A TOE is used when more detailed images are needed than a standard echo can provide. Common indications include assessment of heart valve disease, detection of blood clots in the heart before electrical cardioversion for atrial fibrillation, evaluation for infection on heart valves (endocarditis), and guidance during certain procedures such as mitral valve clipping and LAA closure. The high-resolution images obtained can also be reconstructed into detailed three-dimensional models of the heart valves, which is particularly valuable for characterising the anatomy of valve disease and guiding surgical or interventional planning.

During the test

You will need to fast for at least six hours beforehand. A sedative is given through a drip to keep you comfortable, and local anaesthetic spray is applied to the back of the throat. You will not be fully asleep but will be drowsy and relaxed. The probe is gently passed while you are sedated. The procedure takes approximately 20–30 minutes and you will need someone to drive you home afterward.

Overview

A stress echo combines a standard echocardiogram with a form of stress — either physical exercise on a treadmill, or a medication called dobutamine given through a drip if you are unable to exercise. Images of the heart are taken at rest and at peak stress.

Purpose of test

This test detects reduced blood supply to the heart muscle (coronary artery disease) that may not be apparent at rest — when part of the heart is underperfused during stress, it moves abnormally on the echo images. It is also used to assess valve conditions under physiological demand.
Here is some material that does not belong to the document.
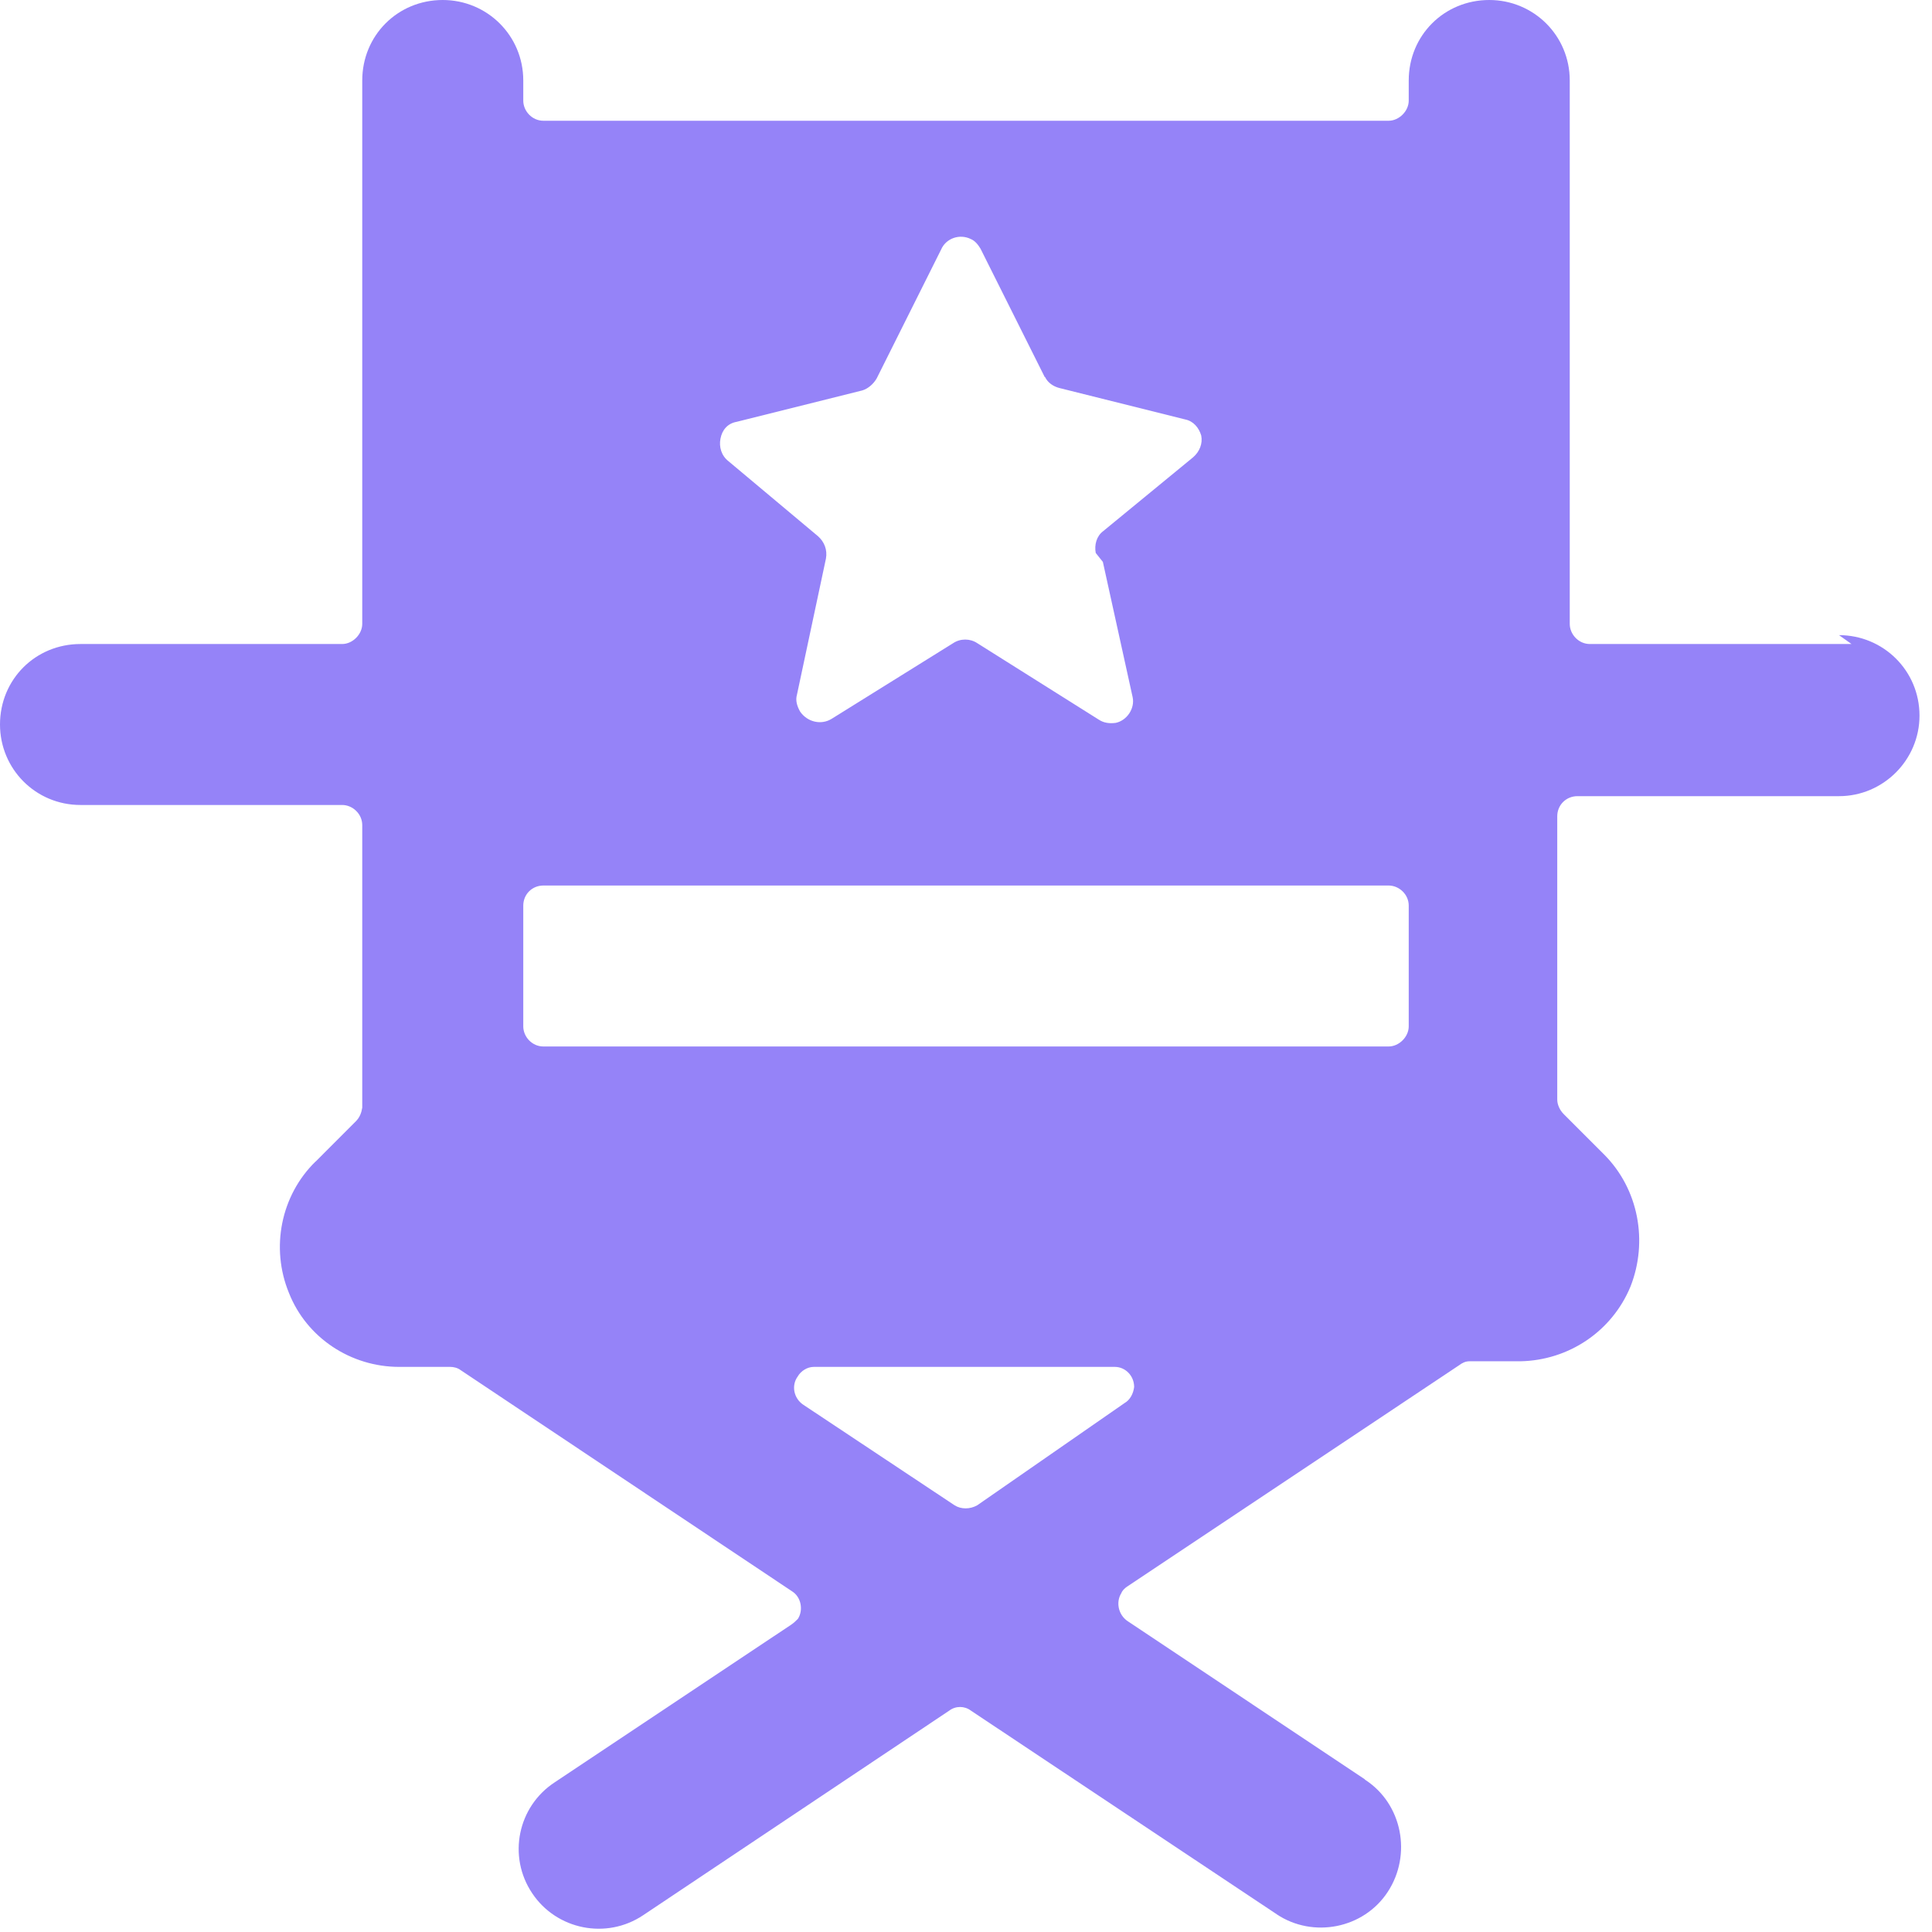 <?xml version="1.0" encoding="UTF-8"?> <svg xmlns="http://www.w3.org/2000/svg" width="32" height="32" viewBox="0 0 32 32" fill="none"><g id="movies-director-chair 1" clip-path="url(#clip0_5033_34297)"><path id="Vector" d="M30.667 10.667H26.333C26.147 10.667 26 10.507 26 10.333V1.333C26 0.587 25.4 0 24.667 0C23.92 0 23.333 0.587 23.333 1.333V1.667C23.333 1.84 23.173 2 23 2H9C8.813 2 8.667 1.84 8.667 1.667V1.333C8.667 0.587 8.067 0 7.333 0C6.587 0 6 0.587 6 1.333V10.333C6 10.507 5.84 10.667 5.667 10.667H1.333C0.587 10.667 0 11.253 0 12C0 12.733 0.587 13.333 1.333 13.333H5.667C5.84 13.333 6 13.48 6 13.667V18.347C5.987 18.427 5.96 18.507 5.893 18.573L5.227 19.24H5.225C4.652 19.8 4.479 20.667 4.785 21.413C5.079 22.16 5.812 22.64 6.612 22.64H7.456C7.509 22.64 7.576 22.653 7.629 22.693L13.123 26.36C13.269 26.453 13.309 26.667 13.216 26.813C13.189 26.84 13.149 26.88 13.109 26.907L9.189 29.52C8.576 29.92 8.403 30.747 8.816 31.36C9.216 31.96 10.043 32.133 10.656 31.72L15.723 28.333C15.829 28.253 15.975 28.253 16.081 28.333L21.148 31.707H21.147C21.747 32.107 22.587 31.947 22.987 31.333C23.387 30.72 23.227 29.88 22.613 29.48C22.6 29.467 22.6 29.467 22.6 29.467L18.68 26.853C18.52 26.747 18.48 26.533 18.573 26.387C18.587 26.347 18.627 26.307 18.667 26.28L24.167 22.613C24.22 22.573 24.273 22.547 24.34 22.547H25.18C25.98 22.533 26.7 22.053 27.007 21.307C27.3 20.56 27.14 19.693 26.567 19.12L25.9 18.453C25.833 18.387 25.793 18.293 25.793 18.213V13.52C25.793 13.333 25.94 13.187 26.127 13.187H30.46C31.193 13.187 31.793 12.587 31.793 11.853C31.793 11.107 31.193 10.52 30.46 10.52L30.667 10.667ZM9 17.333C8.813 17.333 8.667 17.173 8.667 17V15C8.667 14.813 8.813 14.667 9 14.667H23C23.173 14.667 23.333 14.813 23.333 15V17C23.333 17.173 23.173 17.333 23 17.333H9ZM18.267 9.307L18.76 11.547C18.8 11.733 18.667 11.933 18.48 11.973C18.373 11.987 18.28 11.973 18.2 11.92L16.187 10.653C16.067 10.573 15.907 10.573 15.787 10.653L13.773 11.907C13.6 12.013 13.373 11.96 13.253 11.787C13.2 11.693 13.173 11.6 13.2 11.507L13.68 9.253C13.707 9.107 13.653 8.973 13.547 8.88L12.067 7.64C11.947 7.547 11.907 7.4 11.933 7.267C11.96 7.12 12.053 7.013 12.2 6.987L14.281 6.467C14.375 6.44 14.468 6.36 14.521 6.267L15.588 4.133C15.668 3.947 15.895 3.867 16.081 3.96C16.148 3.987 16.201 4.053 16.241 4.12L17.308 6.253V6.24C17.348 6.333 17.441 6.4 17.548 6.427L19.629 6.947C19.763 6.973 19.856 7.08 19.896 7.213C19.923 7.347 19.869 7.48 19.763 7.573L18.269 8.8C18.163 8.88 18.123 9.025 18.149 9.159L18.267 9.307ZM16.185 24.933C16.065 25 15.919 25 15.812 24.933L13.305 23.267C13.145 23.16 13.105 22.947 13.212 22.8C13.265 22.707 13.372 22.64 13.479 22.64H18.465C18.639 22.64 18.785 22.787 18.785 22.973C18.772 23.08 18.719 23.187 18.625 23.24L16.185 24.933Z" fill="#9583F8"></path></g><defs><clipPath id="clip0_5033_34297"><rect width="32" height="32" fill="white"></rect></clipPath></defs></svg>

Stress echocardiography is also valuable for evaluating diastolic dysfunction — impaired relaxation of the heart muscle despite normal pumping function. This condition causes few symptoms at rest but produces significant breathlessness on exertion, as the stiff heart builds up pressure that is transmitted back to the lungs. Exercise echocardiography can detect this rise in filling pressures at peak stress, a pattern invisible on resting studies, and can explain otherwise unexplained exertional breathlessness.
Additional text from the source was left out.